New Zealand English or Kiwi English (A slang term we’ll mention later!) is the most spoken of the three official languages of New Zealand. The other two being Maori and New Zealand sign language. Much like the cultural make-up of the country, New Zealand’s speech is a melting pot with influences from all over the world.
The main components of New Zealand English come from British English, with elements from Scottish (Specifically in the Southlands), Irish, Australian and even American English. However, as the Northern European and Maori cultures in New Zealand started to merge into a collective, national identity, some loan words from the Maori language have begun to see use.

Borrowed Words

The Maori language or Te Reo Maori is widely used to name the abundant flora and fauna found on the island. A notable example is the Kiwi bird, the small flightless bird that has become a national symbol. The Kiwi bird is the origin for the slang term “Kiwi” meaning New Zealander or from New Zealand. Maori loan words are being used more often now than ever. Not to replace their English counterparts, but to diversify New Zealand’s constantly evolving language.
Other notable Maori loan words would be, “kai” (food), iwi (tribe), whanau (family) and waka (a canoe or boat). A dominant language, like English, rarely borrows words from a less dominant language like Maori, but in New Zealand that is undoubtedly the case; and it’s not just from the Maori language! Terms like “Gung ho” meaning over-enthusiastic are from Chinese settlers, along with other words like “Ketchup”. The Scottish term “wee” meaning small has also been adopted but mainly in the Southlands province.

Kiwi Slang

Like its cousin language, Australian English, Kiwi English has a fascinating approach to slang terms that often leaves non-New Zealanders extremely confused.
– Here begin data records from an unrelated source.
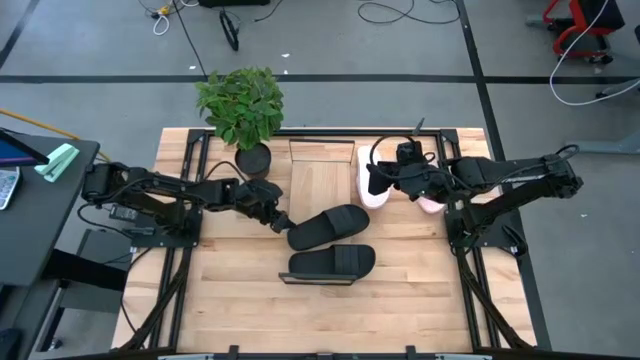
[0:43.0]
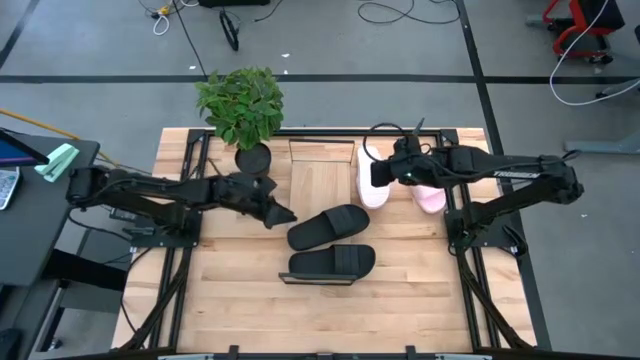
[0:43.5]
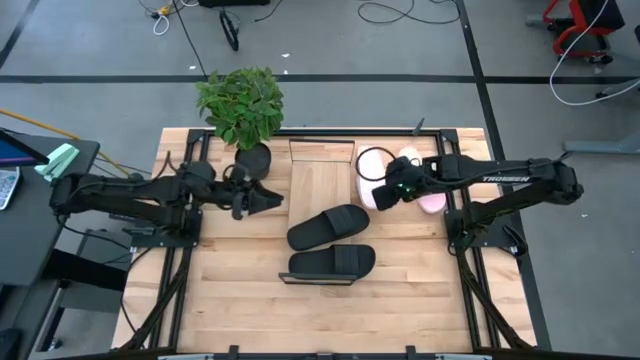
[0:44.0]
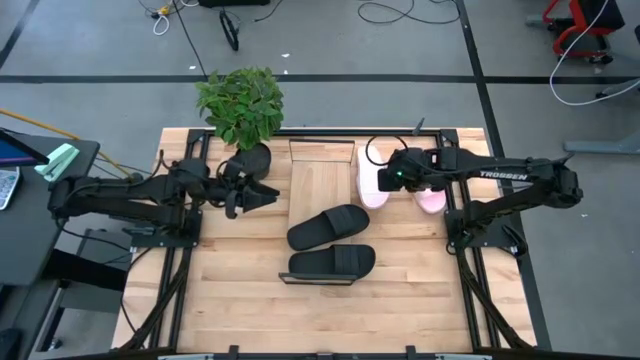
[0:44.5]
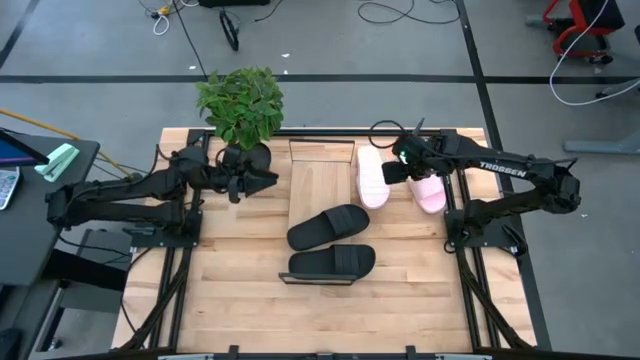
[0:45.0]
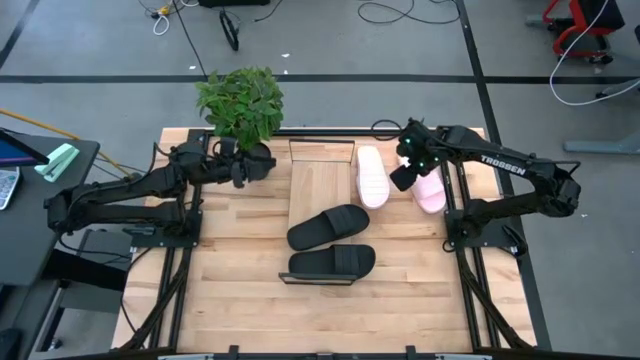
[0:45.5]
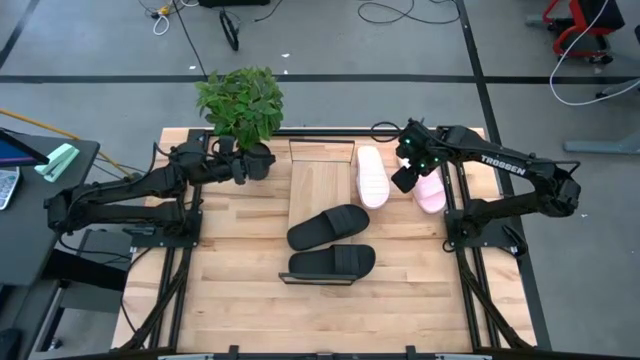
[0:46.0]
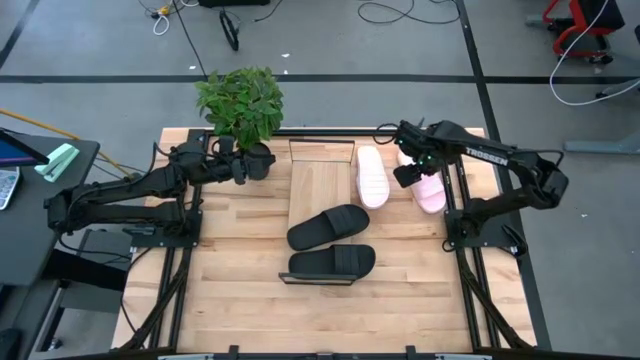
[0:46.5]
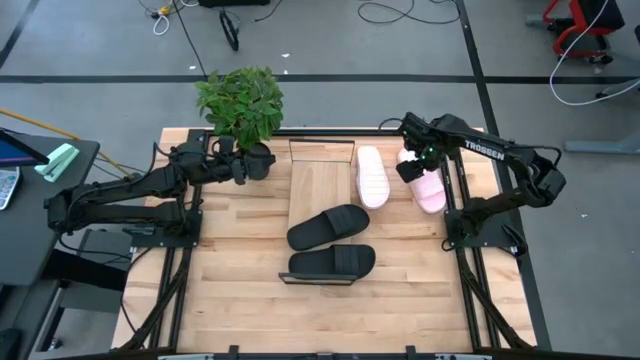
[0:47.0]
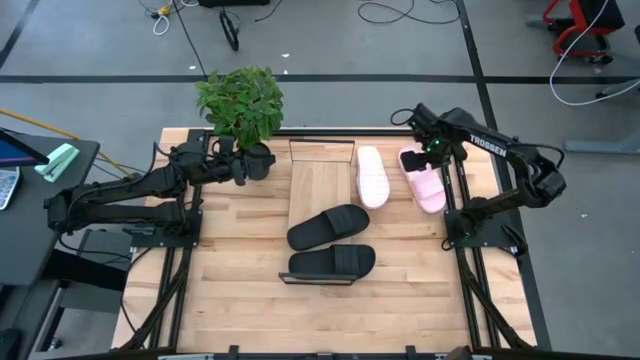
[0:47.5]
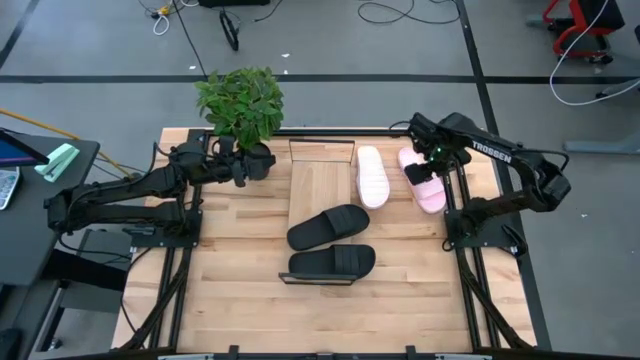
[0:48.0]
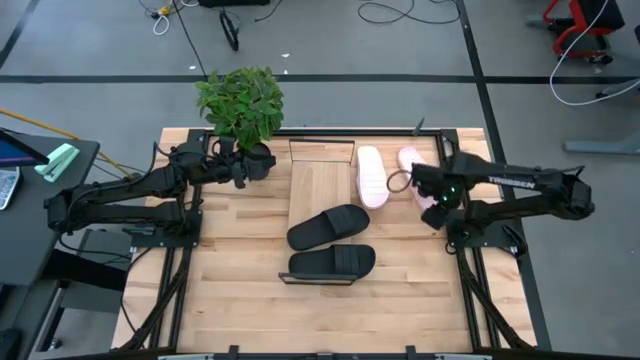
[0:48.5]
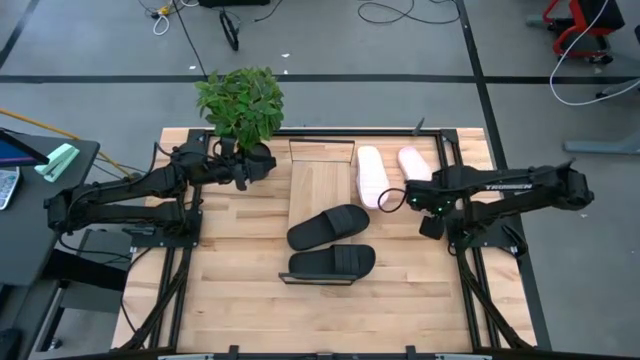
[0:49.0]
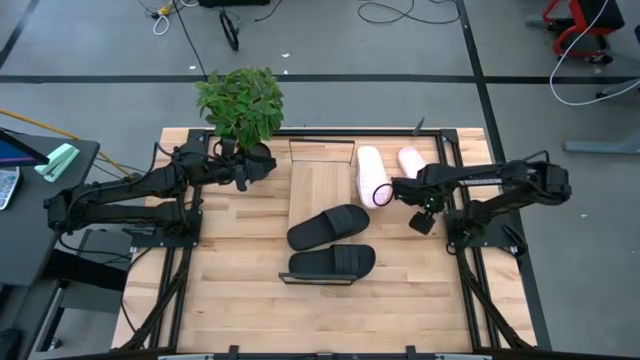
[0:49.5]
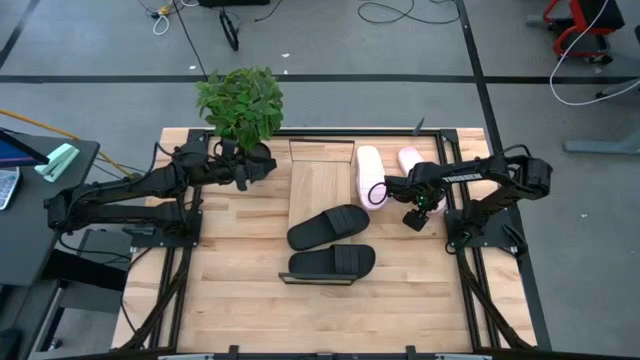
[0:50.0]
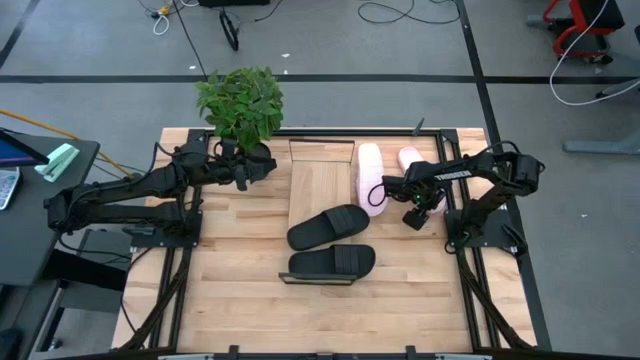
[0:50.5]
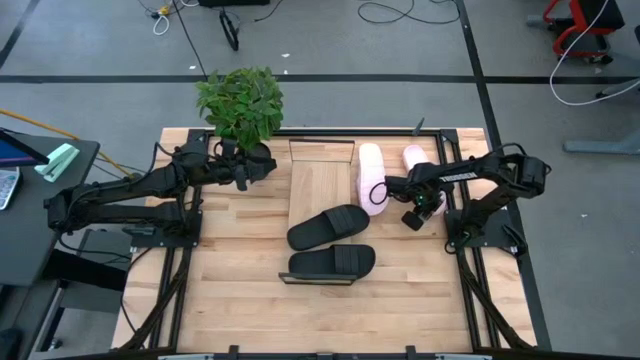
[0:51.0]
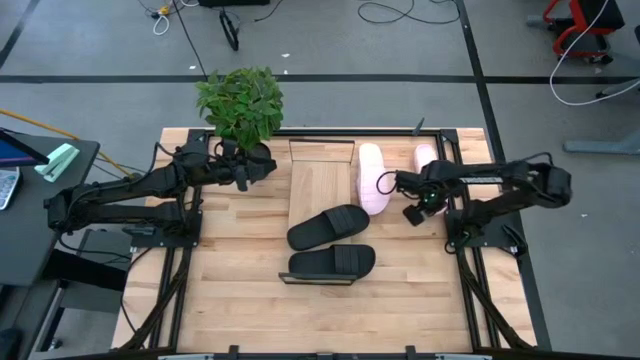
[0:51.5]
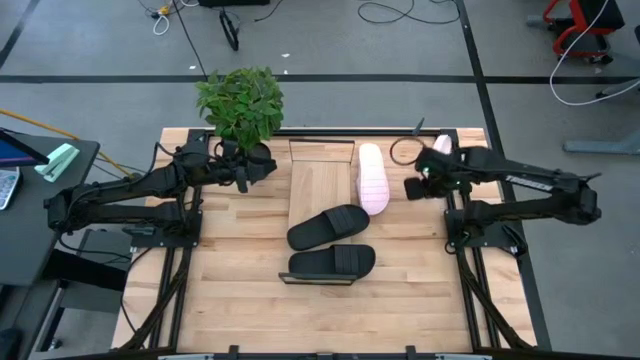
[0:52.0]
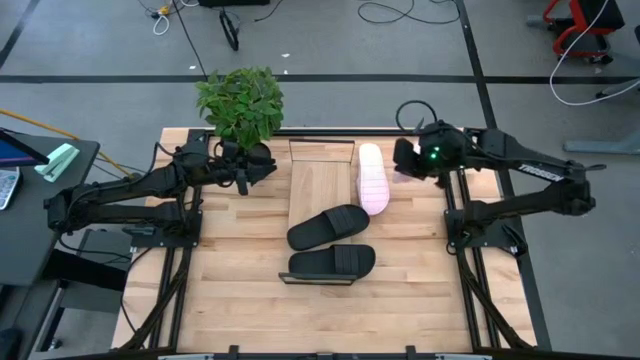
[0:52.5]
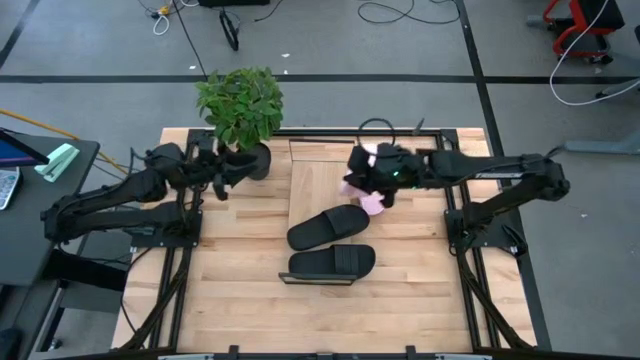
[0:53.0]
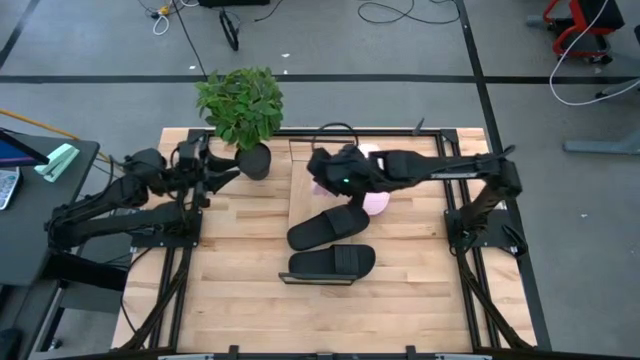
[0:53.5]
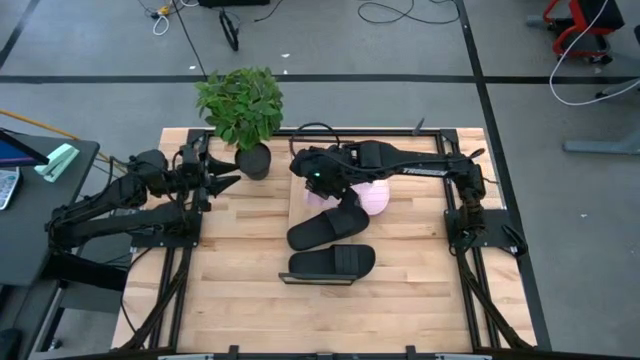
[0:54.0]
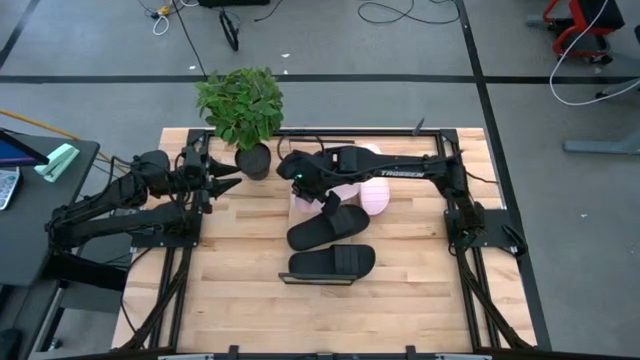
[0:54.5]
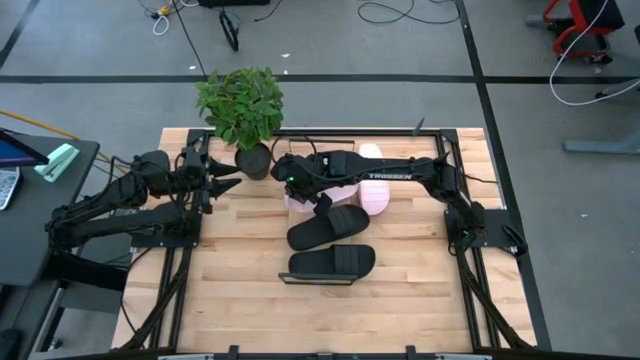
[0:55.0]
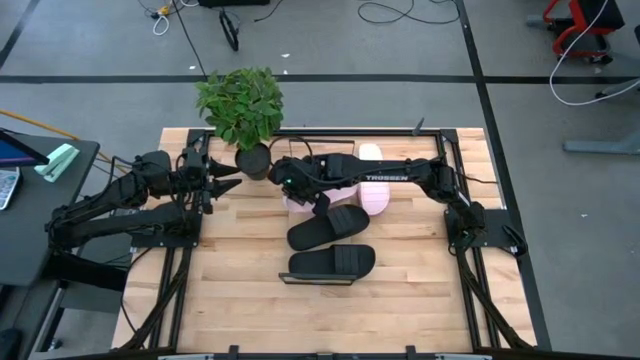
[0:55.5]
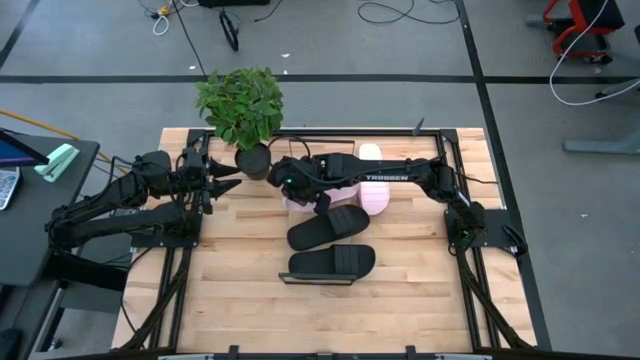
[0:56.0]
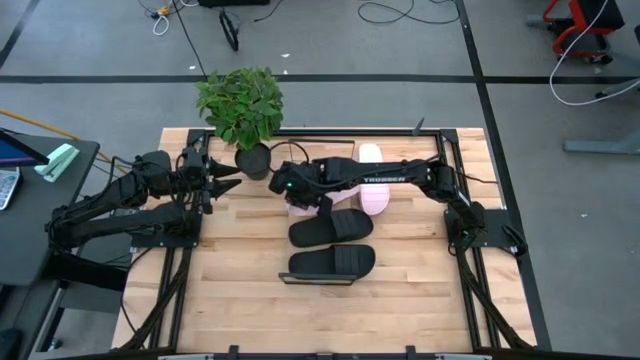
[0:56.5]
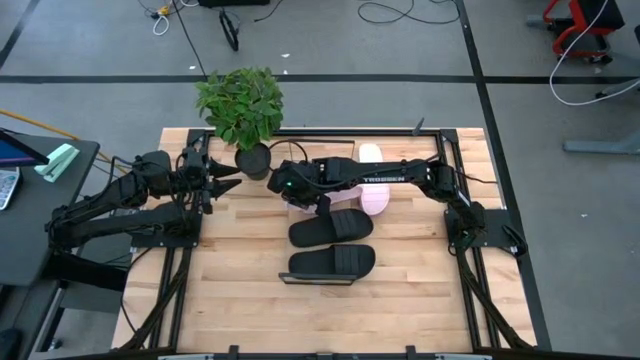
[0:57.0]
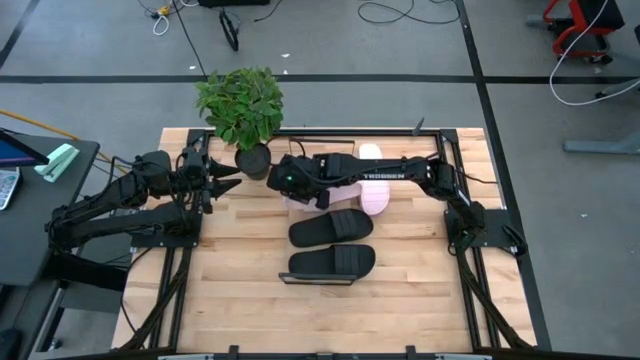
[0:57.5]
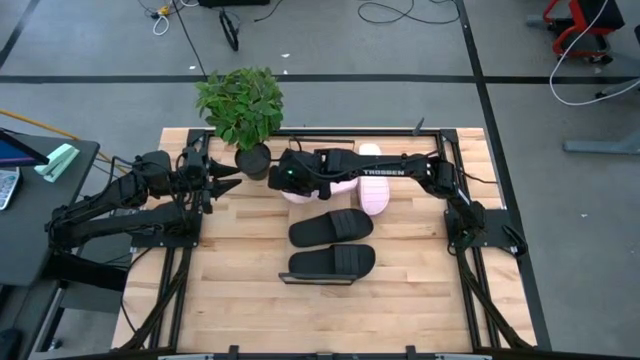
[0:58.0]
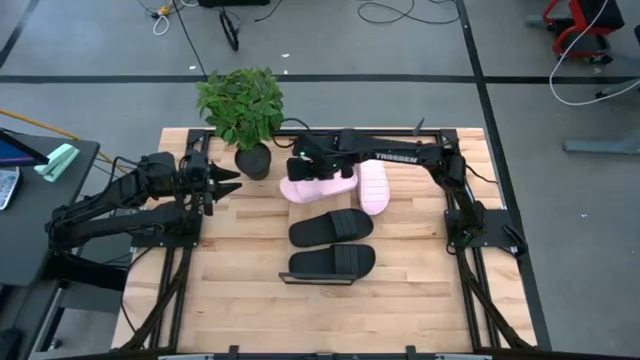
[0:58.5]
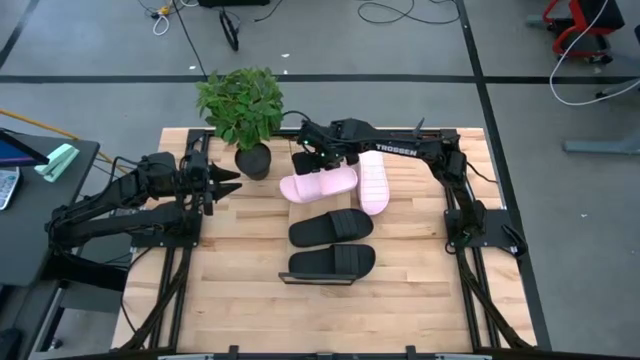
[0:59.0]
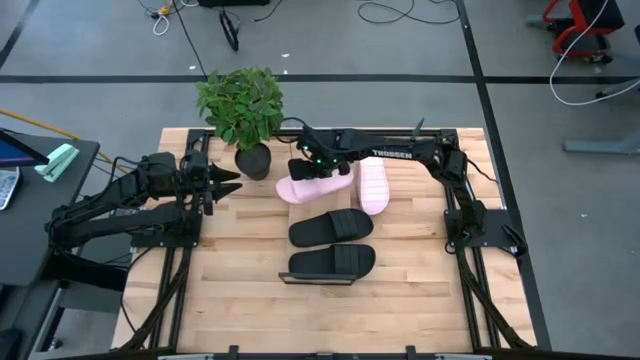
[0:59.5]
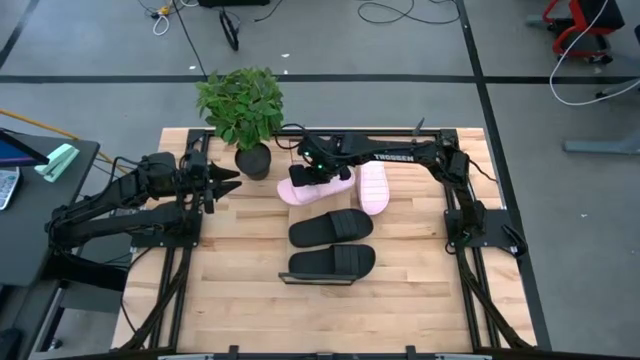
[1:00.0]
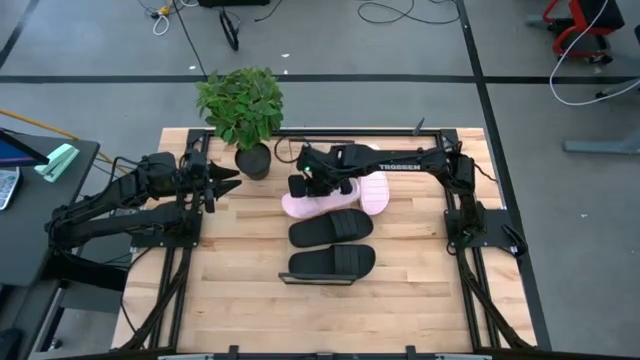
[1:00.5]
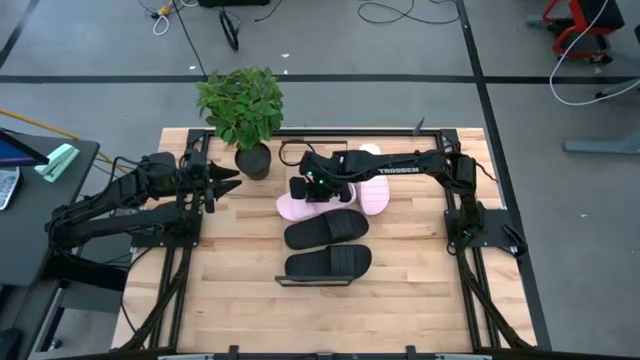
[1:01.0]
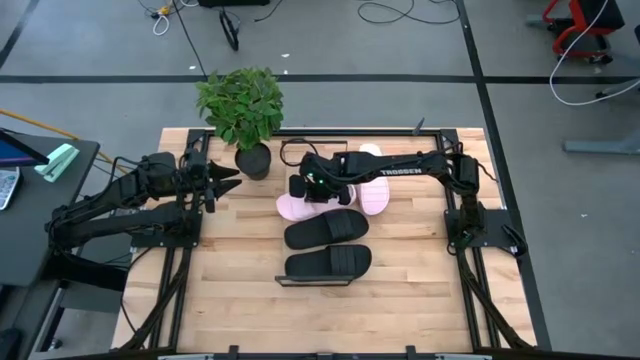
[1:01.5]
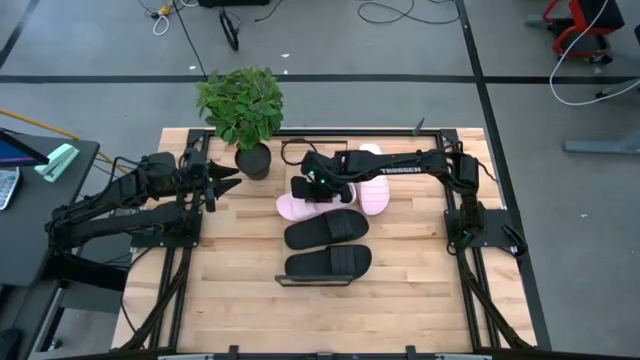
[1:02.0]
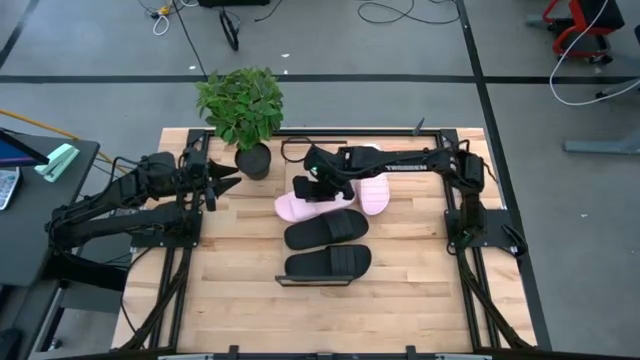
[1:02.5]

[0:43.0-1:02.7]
Task: Pick and place slides into the shelf
Put the right pink slipper on the shelf

This heavy slang usage combined with the Kiwi accent can even leave British English speakers scratching their heads.
A highly versatile example would be the term “chur”, this word is a compounding of “Cheers” meaning “thank you” but can be used to show agreement, thanks, greetings and goodbyes. Other examples of compounding would be the word “jandals” the Kiwi word for flip-flops. This word combines “Japanese” and “sandals” to describe the style of footwear.

“Sweet as” “Mint” and “Preemo” all mean “good” or “no problem” with the word “as” often being added for emphasis (“fast as” “mean as”).
New Zealand has many rural and rugged areas that are hard to reach. A kiwi may refer to these as the “wop wops” meaning “in the middle of nowhere”. It’s origin is relatively hard to trace, but it may be an old reference to how difficult it was to say place names in Maori or Australian Aboriginal languages. Either way, it’s a great phrase!

“She’ll be right.” Is slang for “no problem” or “It’ll be ok” and doesn’t need the context of talking about a woman.
Due to the laid back, casual nature of many Kiwis, you may hear people referring to each other as “Cuz” “Mate” or “Bro”, but you should reserve this for friends only. Culturally, the friendly, welcoming Kiwis might struggle to tell people no, which could explain the reason for the diluted and uncertain “Yeah Nah” meaning “No” and “Nah Yeah” meaning “Yes”. Strange, but brilliantly unique Kiwi slang.